WOW thats really amazing i think that is a really impressive thing to have in your pond :lol2:


----------



## Grond

Pleccy22 said:


> Just a word of warning to anyone considering keeping certain coldwater fish. In the UK you will need a licence from Defra to keep or sell any of the following species.
> 
> _Cyprinella_ (Notropsis) _lutrensis_, Red shiner or Rainbow dace


Agree with some of these as they're pests or threat to native species if released.

But Rainbow Dace??

I've kept these on and off for donkeys years without a DEFRA license. Not got any at the mo, but bought them from ordinary pet shops with no problem. Also could point you in the direction of a few places that sell grass carp. Used to have one in the pond in the vague hope it would help keep the blanket weed down. Never did though, lazy little beggar! Maybe you need a license to sell some of these but not to keep them?


----------



## Grond

In reply to my own question......

Just googled it and rainbow dace are indeed on the list!
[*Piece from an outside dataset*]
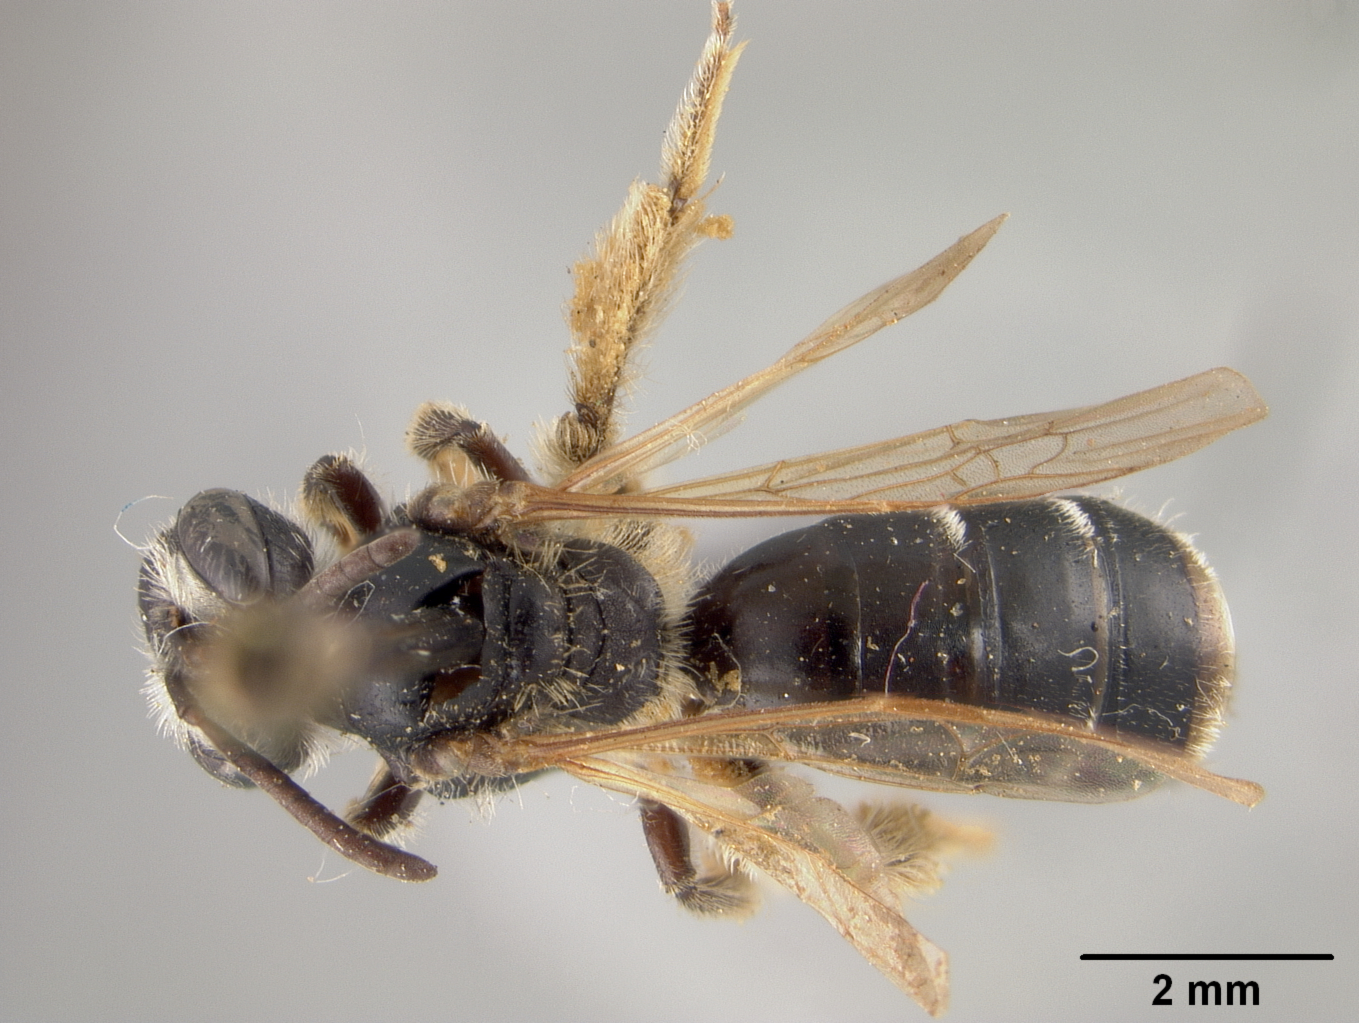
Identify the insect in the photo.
Andrena dreisbachi
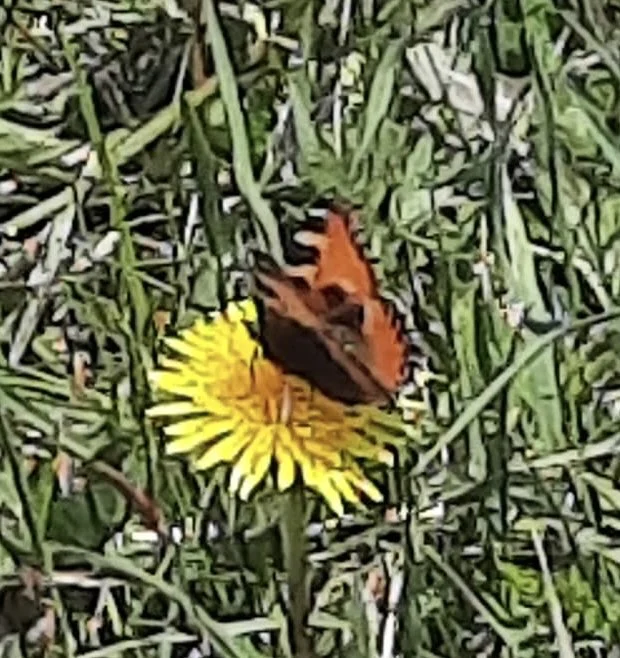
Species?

MAFF introduced the Prohibition of Keeping or Release of Live Fish (Specified Species) Order in 1998 in an effort to reduce the number of fishes illegally introduced into freshwaters in England and Wales.

You learn something new every day!


----------



## cjd99

I'm not sure keeping perch with dace is such a good idea, it'll be ok while there small, but as they grow don't be suprised if the dace start disappearing. As you know perch have mouths like buckets. if I were you I'd get rid of the perch and get some roach or any other cyprinid they'll stand a much better chance


----------



## Grond

cjd99 said:


> I'm not sure keeping perch with dace is such a good idea, it'll be ok while there small, but as they grow don't be suprised if the dace start disappearing. As you know perch have mouths like buckets. if I were you I'd get rid of the perch and get some roach or any other cyprinid they'll stand a much better chance


If you read the thread, you'll see we already told him that. It's no longer an issue, the fish are all gone!!


----------